## Task to complete
Every record must be retyped as it stands.

## Excerpts from a dataset
_ _ _ _ _

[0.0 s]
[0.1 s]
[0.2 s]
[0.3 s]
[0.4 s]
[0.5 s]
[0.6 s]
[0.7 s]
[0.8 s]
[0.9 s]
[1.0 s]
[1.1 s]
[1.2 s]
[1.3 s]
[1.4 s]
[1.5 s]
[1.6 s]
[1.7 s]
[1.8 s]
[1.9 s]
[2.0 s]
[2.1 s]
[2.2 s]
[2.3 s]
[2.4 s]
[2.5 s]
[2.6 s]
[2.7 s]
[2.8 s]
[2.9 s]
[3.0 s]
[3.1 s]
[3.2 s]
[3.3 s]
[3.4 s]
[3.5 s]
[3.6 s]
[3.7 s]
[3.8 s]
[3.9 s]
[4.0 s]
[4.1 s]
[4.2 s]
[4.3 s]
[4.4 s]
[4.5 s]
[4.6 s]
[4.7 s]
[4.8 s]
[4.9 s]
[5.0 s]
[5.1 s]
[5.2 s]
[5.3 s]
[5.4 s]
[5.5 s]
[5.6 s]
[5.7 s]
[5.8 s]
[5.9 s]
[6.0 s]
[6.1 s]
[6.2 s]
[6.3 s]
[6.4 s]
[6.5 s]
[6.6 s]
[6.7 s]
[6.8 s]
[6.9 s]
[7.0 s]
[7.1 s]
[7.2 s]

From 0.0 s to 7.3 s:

_ _ _ _ _

## Written answer
[0.0 s]
[0.1 s]
[0.2 s]
[0.3 s]
[0.4 s]
[0.5 s]
[0.6 s]
[0.7 s]
[0.8 s]
[0.9 s]
[1.0 s]
[1.1 s]
[1.2 s]
[1.3 s]
[1.4 s]
[1.5 s]
[1.6 s]
[1.7 s]
[1.8 s]
[1.9 s]
[2.0 s]
[2.1 s]
[2.2 s]
[2.3 s]
[2.4 s]
[2.5 s]
[2.6 s]
[2.7 s]
[2.8 s]
[2.9 s]
[3.0 s]
[3.1 s]
[3.2 s]
[3.3 s]
[3.4 s]
[3.5 s]
[3.6 s]
[3.7 s]
[3.8 s]
[3.9 s]
[4.0 s]
[4.1 s]
[4.2 s]
[4.3 s]
[4.4 s]
[4.5 s]
[4.6 s]
[4.7 s]
[4.8 s]
[4.9 s]
[5.0 s]
[5.1 s]
[5.2 s]
[5.3 s]
[5.4 s]
[5.5 s]
[5.6 s]
[5.7 s]
[5.8 s]
[5.9 s]
[6.0 s]
[6.1 s]
[6.2 s]
[6.3 s]
[6.4 s]
[6.5 s]
[6.6 s]
[6.7 s]
[6.8 s]
[6.9 s]
[7.0 s]
[7.1 s]
[7.2 s]

From 0.0 s to 7.3 s:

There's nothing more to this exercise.